Gen Z wants to speak to social issues they’re passionate about, and Christian communicators have the unique opportunity to give Gen Zers a platform to have their voices heard and to teach them how to do so in a way that will advance God’s kingdom.  

3. Christian Gen Z students are seeking out resources to strengthen and grow in their faith 

When asked about what discipleship resources they needed the most, 60% of students said they wanted more resources to study Scripture, 52% said they wanted resources on prayer, and 47% said they wanted resources on relationships (dating and marriage).  

“We’re encouraged that students are still hungry to understand Scripture and want to grow in prayer. I think because of the pandemic perhaps some of them grew deeper in their relationship with God; they depended on the Lord in deeper ways,” Lin said. “They learned how to lament, to cry out to God, to cry out on behalf of others who may be hurting.” 

Despite the difficulties that students have faced, they still experienced growth. 

“We saw students grow in what it means to walk alongside communities that may be hurting because we saw racial injustice. We saw COVID deaths. We saw a lot of challenges, and I think students really did grow in their faith this past year,” Lin said. “Hopefully, it will continue.” 

The COVID-19 pandemic revealed opportunities for communicators to reach Gen Z college students and provide these resources through technology. 
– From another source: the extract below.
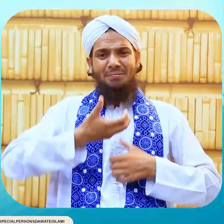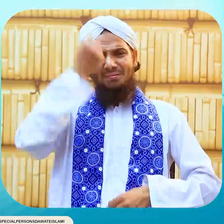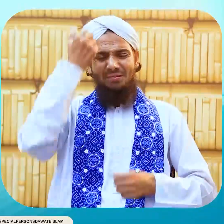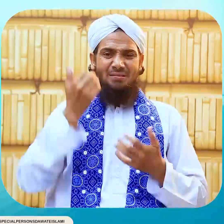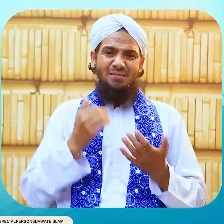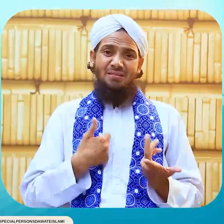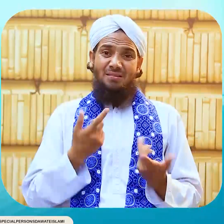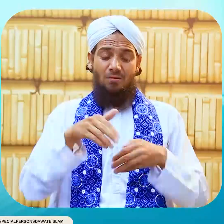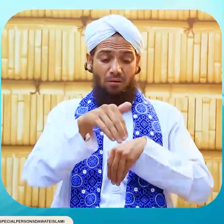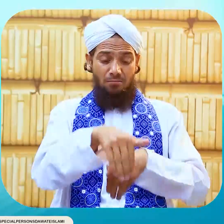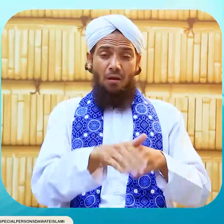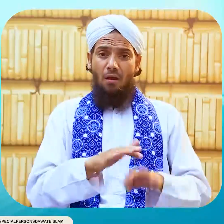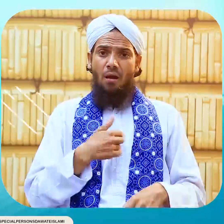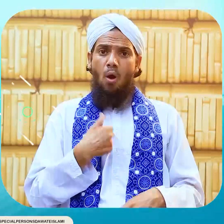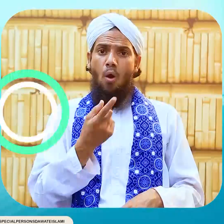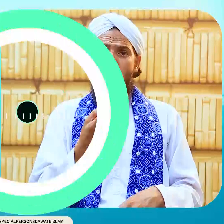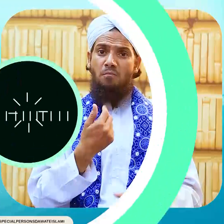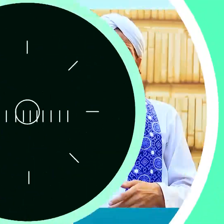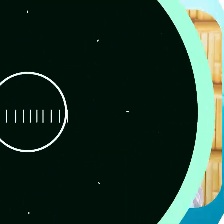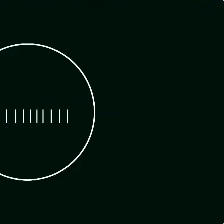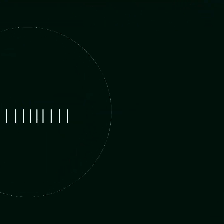چلنا ہے ادھر میرے اور آپ کے عمال چلنے ہیں

“There’s no more geographic boundaries. During the pandemic, we’ve had to shift a lot to communicating online or via Zoom,” Lin said. “I think that’s going to continue to be, an effective way to share the gospel, so I think communicators need to take that into account. We need to keep honing our skills in this area.” 

In 2017 InterVarsity partnered with Cru to launch a ministry called EveryCampus, an initiative to spread the gospel message to college students nationwide by making Christian communities available on every campus. 

“In light of this past year, there’s an opportunity for churches and ministries to grow to be first responders to these crises. I think this is one of the greatest opportunities in the history of the church,” Lin said. “There’s so many young adults and students who are longing for community and for hope. There are more and more unchurched students with no religious affiliation than any previous generation, so the need is urgent and great.” 

Lin is excited about the opportunities that Christian communicators and ministries have to continue to reach Gen Z with the hope of the gospel. 

“We’re praying for revival and believe that revival is coming to college campuses. We have this 2030 vision, or what we call a 2030 calling, which is to see revival and a witnessing community, a gospel movement as we call it, on every campus in the country,” Lin said. “I think that’s exactly what students need today, thriving gospel communities for Gen Z students on every college campus in the country.”